Thanks for your respose wsc. Let me maybe go a bit more into detail now. When we start solving the given eigenvalue problem of an single electron in a periodic potential we assume a solution of the form $\psi_{k}(r)=\sum_{k} C_{k} e^{ikr}$. Plugging this in leads to a set of algebraic equation. However one notices that for a fixed k only the coefficients $C_{k}$, $C_{k+G}$, ... are coupled. Hence we obtain a solution of the form $\psi_{k}(r)=\sum_{G} C_{k-G} e^{i(k-G)r}$. So if we wanted the coefficient to depend on a quantum number n we should've known that beforehand and should've added this fact to our first ansatz. However I would say that at the beginning this is not so obvious.

Secondly is there a specific formula for the eigenvalues $E_{n}(k)$. I've read in a book that $E_{n}(k)=E(k+G_{n})$ where $G_{n}$ is the reciprocal lattice vector corresponding to the energy $E_{n}$. However this formula seems wrong to me and I also don't understand the reasoning here. Don't missunderstand me, I'm fine with 'existence'. I don't need an explicit formula. Still it would be kind of interesting to know.

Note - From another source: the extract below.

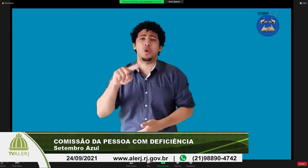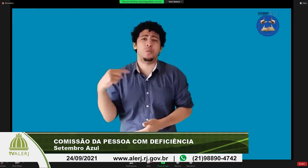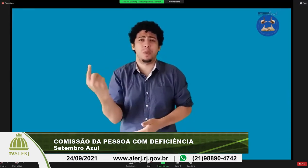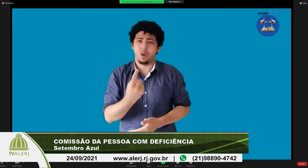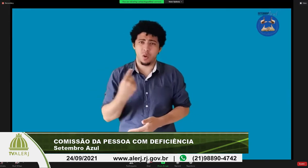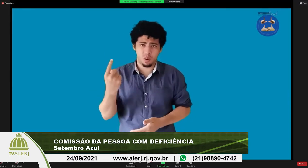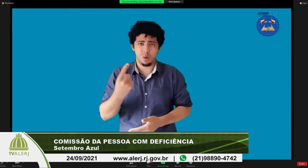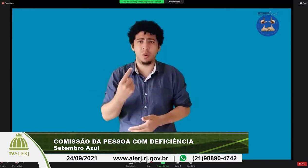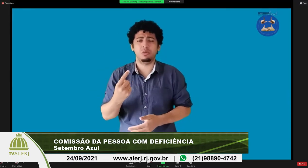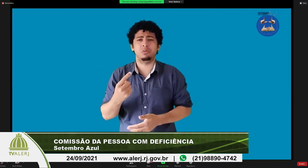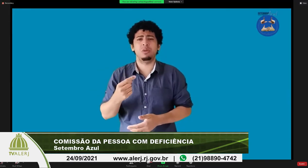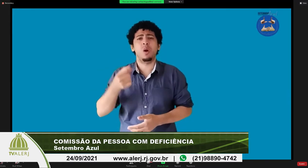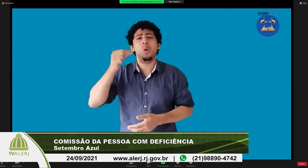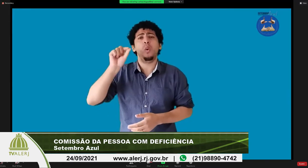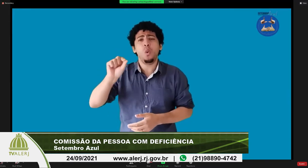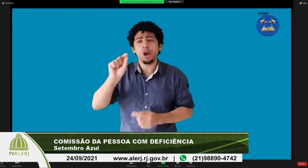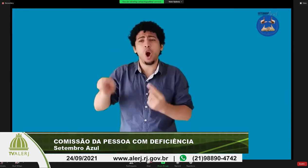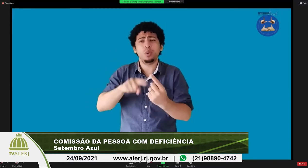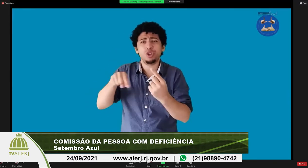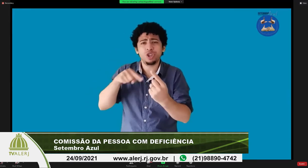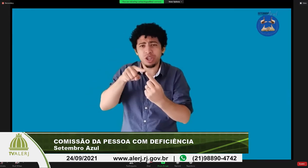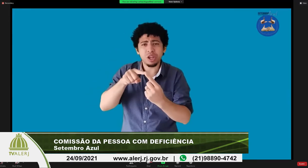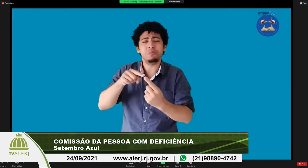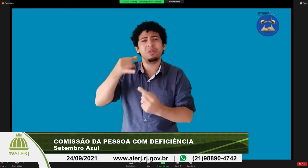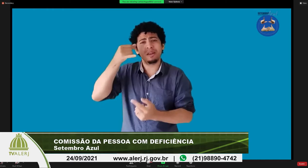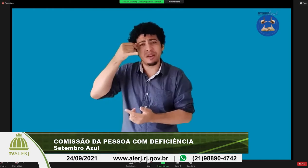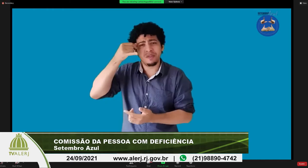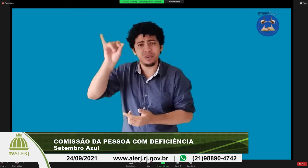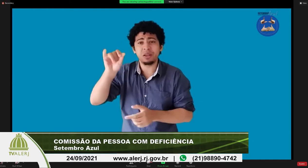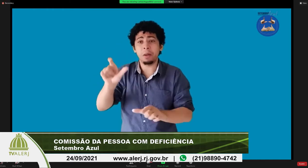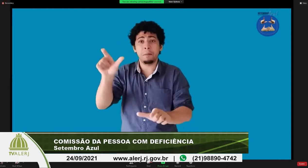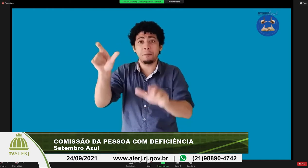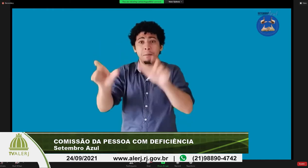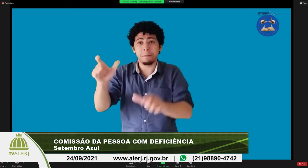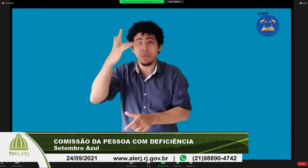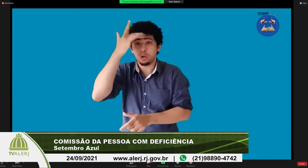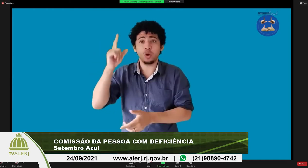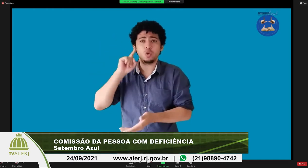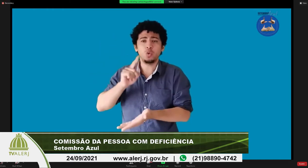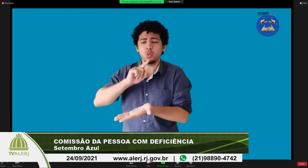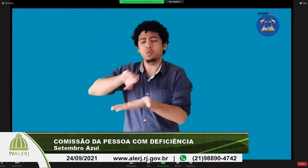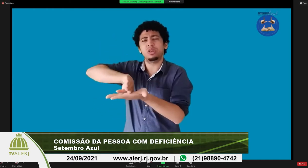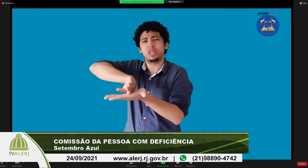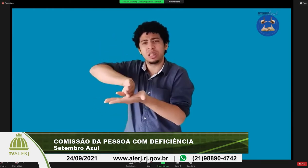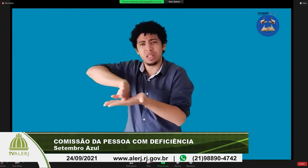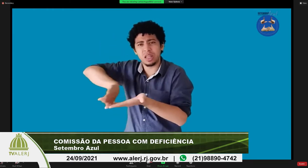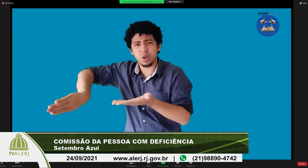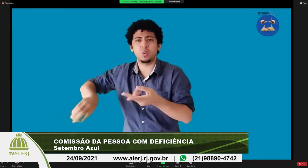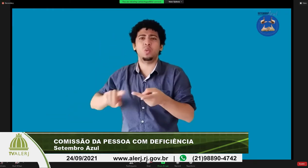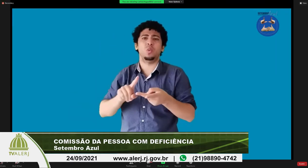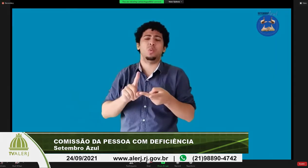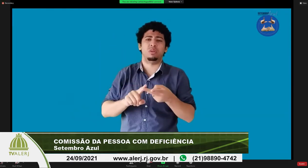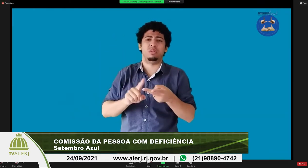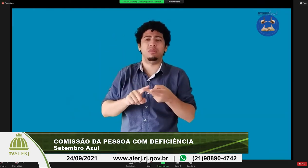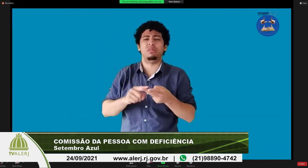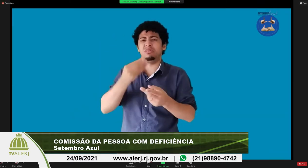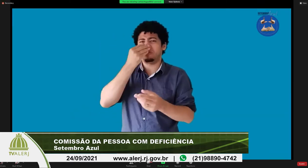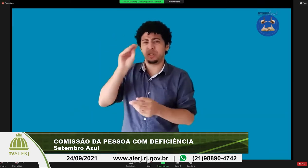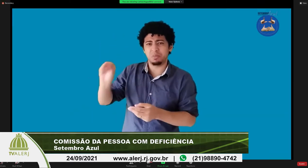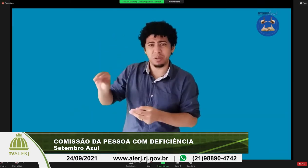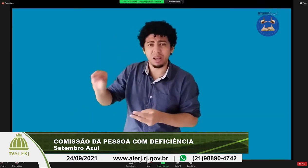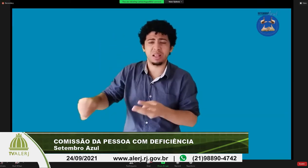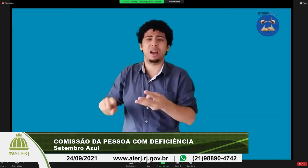população surda pensando nas questões ligadas ao enfrentamento que vivenciamos nas lutas de evitar

So thirdly concerning the reduction to the first Brillouin zone. When I'm looking at a usual E-k-diagramm with $\pi / a < k < \pi / a$ as usual and I'm fixing a certain k. Then I see that there is in general more than one energy corresponding to this k-vector. Now is this the result of the different energybands or is it the result of the reduction process?

To me it seems as though that these additional energies corresponding to one k vector are the same anyway. For example: Fix k. Then the energies corresponding to this vector are $E_{k}$, $E_{k+G}$, ... where G is a reciprocal lattice vector. However Ashcroft derives the formule that $E_{k} = E_{k+G}$. So the energies are the same anyway.

Thanks for your response in advance!